:: Instructions to follow ::
Could you restate the data below word for word, without its pictures?
----
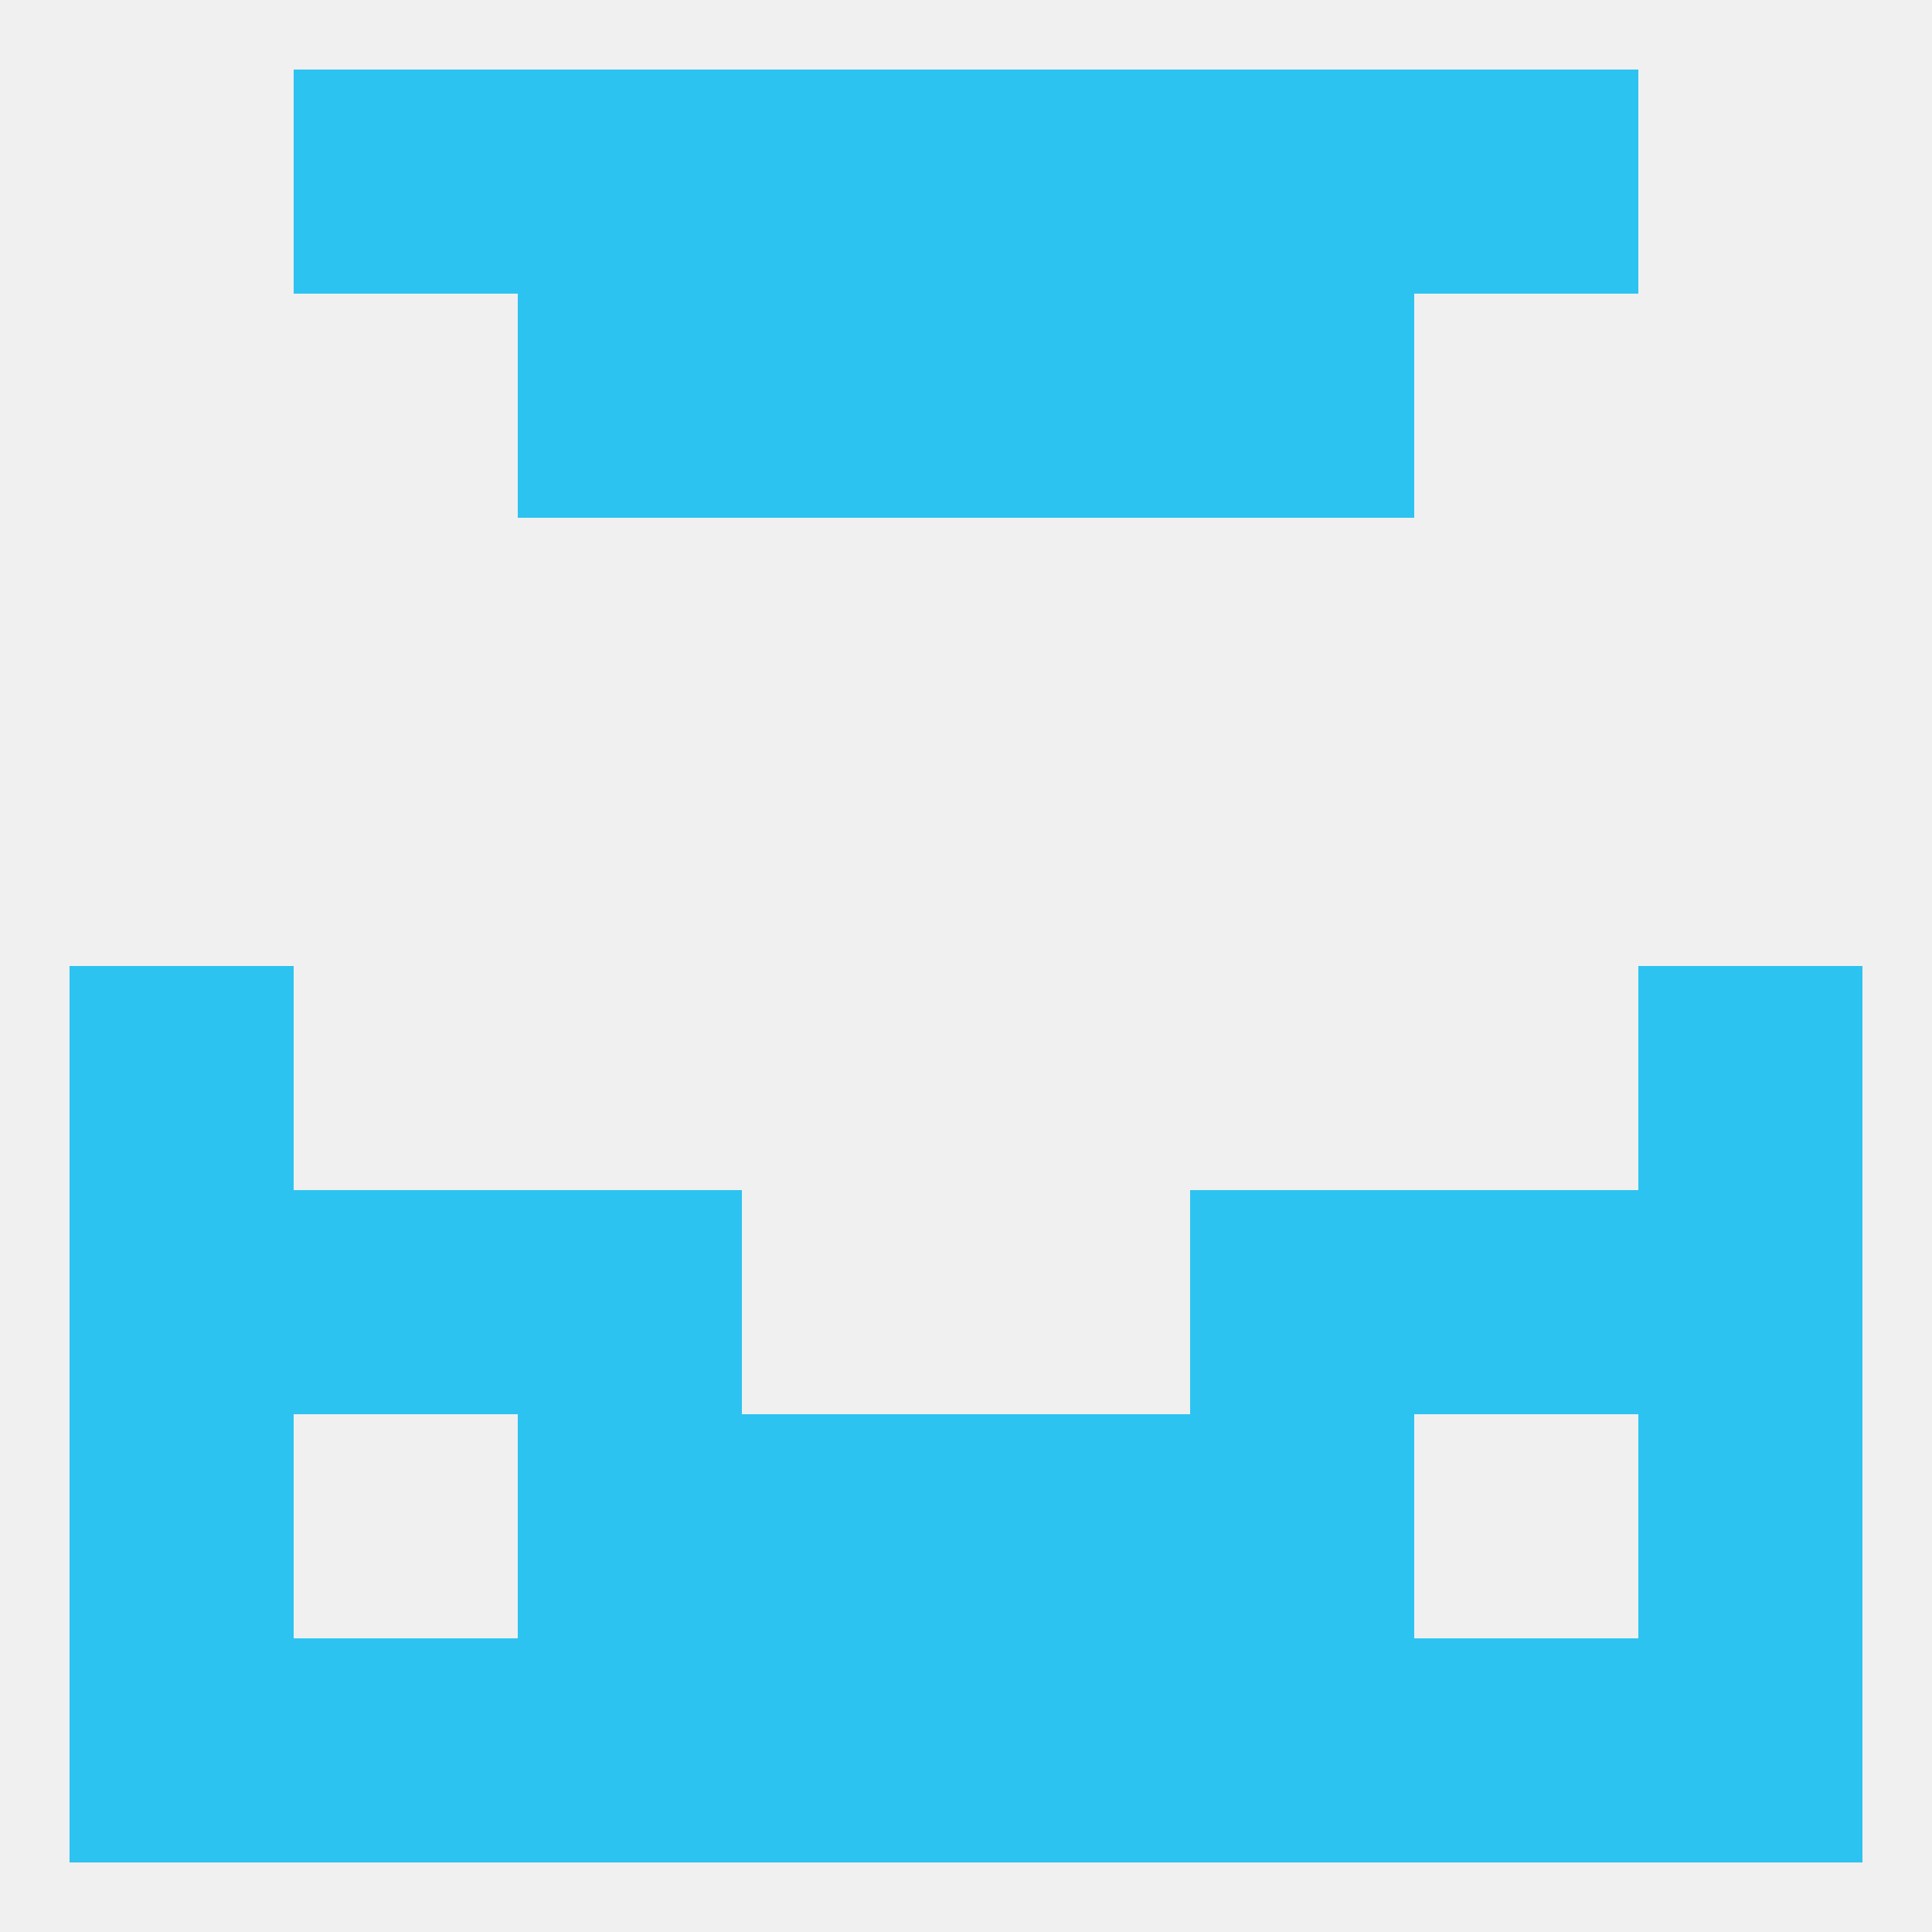 
<!--   <?xml version="1.0"?> -->
<svg version="1.1" baseprofile="full" xmlns="http://www.w3.org/2000/svg" xmlns:xlink="http://www.w3.org/1999/xlink" xmlns:ev="http://www.w3.org/2001/xml-events" width="250" height="250" viewBox="0 0 250 250" >
	<rect width="100%" height="100%" fill="rgba(240,240,240,255)"/>

	<rect x="38" y="154" width="29" height="29" fill="rgba(44,195,241,255)"/>
	<rect x="183" y="154" width="29" height="29" fill="rgba(44,195,241,255)"/>
	<rect x="9" y="154" width="29" height="29" fill="rgba(44,195,241,255)"/>
	<rect x="212" y="154" width="29" height="29" fill="rgba(44,195,241,255)"/>
	<rect x="67" y="154" width="29" height="29" fill="rgba(44,195,241,255)"/>
	<rect x="154" y="154" width="29" height="29" fill="rgba(44,195,241,255)"/>
	<rect x="9" y="183" width="29" height="29" fill="rgba(44,195,241,255)"/>
	<rect x="212" y="183" width="29" height="29" fill="rgba(44,195,241,255)"/>
	<rect x="96" y="183" width="29" height="29" fill="rgba(44,195,241,255)"/>
	<rect x="125" y="183" width="29" height="29" fill="rgba(44,195,241,255)"/>
	<rect x="67" y="183" width="29" height="29" fill="rgba(44,195,241,255)"/>
	<rect x="154" y="183" width="29" height="29" fill="rgba(44,195,241,255)"/>
	<rect x="183" y="212" width="29" height="29" fill="rgba(44,195,241,255)"/>
	<rect x="9" y="212" width="29" height="29" fill="rgba(44,195,241,255)"/>
	<rect x="212" y="212" width="29" height="29" fill="rgba(44,195,241,255)"/>
	<rect x="96" y="212" width="29" height="29" fill="rgba(44,195,241,255)"/>
	<rect x="125" y="212" width="29" height="29" fill="rgba(44,195,241,255)"/>
	<rect x="67" y="212" width="29" height="29" fill="rgba(44,195,241,255)"/>
	<rect x="154" y="212" width="29" height="29" fill="rgba(44,195,241,255)"/>
	<rect x="38" y="212" width="29" height="29" fill="rgba(44,195,241,255)"/>
	<rect x="38" y="9" width="29" height="29" fill="rgba(44,195,241,255)"/>
	<rect x="183" y="9" width="29" height="29" fill="rgba(44,195,241,255)"/>
	<rect x="67" y="9" width="29" height="29" fill="rgba(44,195,241,255)"/>
	<rect x="154" y="9" width="29" height="29" fill="rgba(44,195,241,255)"/>
	<rect x="96" y="9" width="29" height="29" fill="rgba(44,195,241,255)"/>
	<rect x="125" y="9" width="29" height="29" fill="rgba(44,195,241,255)"/>
	<rect x="96" y="38" width="29" height="29" fill="rgba(44,195,241,255)"/>
	<rect x="125" y="38" width="29" height="29" fill="rgba(44,195,241,255)"/>
	<rect x="67" y="38" width="29" height="29" fill="rgba(44,195,241,255)"/>
	<rect x="154" y="38" width="29" height="29" fill="rgba(44,195,241,255)"/>
	<rect x="9" y="125" width="29" height="29" fill="rgba(44,195,241,255)"/>
	<rect x="212" y="125" width="29" height="29" fill="rgba(44,195,241,255)"/>
</svg>
----
:: Solution to the problem ::
<!--   <?xml version="1.0"?> -->
<svg version="1.1" baseprofile="full" xmlns="http://www.w3.org/2000/svg" xmlns:xlink="http://www.w3.org/1999/xlink" xmlns:ev="http://www.w3.org/2001/xml-events" width="250" height="250" viewBox="0 0 250 250" >
	<rect width="100%" height="100%" fill="rgba(240,240,240,255)"/>

	<rect x="38" y="154" width="29" height="29" fill="rgba(44,195,241,255)"/>
	<rect x="183" y="154" width="29" height="29" fill="rgba(44,195,241,255)"/>
	<rect x="9" y="154" width="29" height="29" fill="rgba(44,195,241,255)"/>
	<rect x="212" y="154" width="29" height="29" fill="rgba(44,195,241,255)"/>
	<rect x="67" y="154" width="29" height="29" fill="rgba(44,195,241,255)"/>
	<rect x="154" y="154" width="29" height="29" fill="rgba(44,195,241,255)"/>
	<rect x="9" y="183" width="29" height="29" fill="rgba(44,195,241,255)"/>
	<rect x="212" y="183" width="29" height="29" fill="rgba(44,195,241,255)"/>
	<rect x="96" y="183" width="29" height="29" fill="rgba(44,195,241,255)"/>
	<rect x="125" y="183" width="29" height="29" fill="rgba(44,195,241,255)"/>
	<rect x="67" y="183" width="29" height="29" fill="rgba(44,195,241,255)"/>
	<rect x="154" y="183" width="29" height="29" fill="rgba(44,195,241,255)"/>
	<rect x="183" y="212" width="29" height="29" fill="rgba(44,195,241,255)"/>
	<rect x="9" y="212" width="29" height="29" fill="rgba(44,195,241,255)"/>
	<rect x="212" y="212" width="29" height="29" fill="rgba(44,195,241,255)"/>
	<rect x="96" y="212" width="29" height="29" fill="rgba(44,195,241,255)"/>
	<rect x="125" y="212" width="29" height="29" fill="rgba(44,195,241,255)"/>
	<rect x="67" y="212" width="29" height="29" fill="rgba(44,195,241,255)"/>
	<rect x="154" y="212" width="29" height="29" fill="rgba(44,195,241,255)"/>
	<rect x="38" y="212" width="29" height="29" fill="rgba(44,195,241,255)"/>
	<rect x="38" y="9" width="29" height="29" fill="rgba(44,195,241,255)"/>
	<rect x="183" y="9" width="29" height="29" fill="rgba(44,195,241,255)"/>
	<rect x="67" y="9" width="29" height="29" fill="rgba(44,195,241,255)"/>
	<rect x="154" y="9" width="29" height="29" fill="rgba(44,195,241,255)"/>
	<rect x="96" y="9" width="29" height="29" fill="rgba(44,195,241,255)"/>
	<rect x="125" y="9" width="29" height="29" fill="rgba(44,195,241,255)"/>
	<rect x="96" y="38" width="29" height="29" fill="rgba(44,195,241,255)"/>
	<rect x="125" y="38" width="29" height="29" fill="rgba(44,195,241,255)"/>
	<rect x="67" y="38" width="29" height="29" fill="rgba(44,195,241,255)"/>
	<rect x="154" y="38" width="29" height="29" fill="rgba(44,195,241,255)"/>
	<rect x="9" y="125" width="29" height="29" fill="rgba(44,195,241,255)"/>
	<rect x="212" y="125" width="29" height="29" fill="rgba(44,195,241,255)"/>
</svg>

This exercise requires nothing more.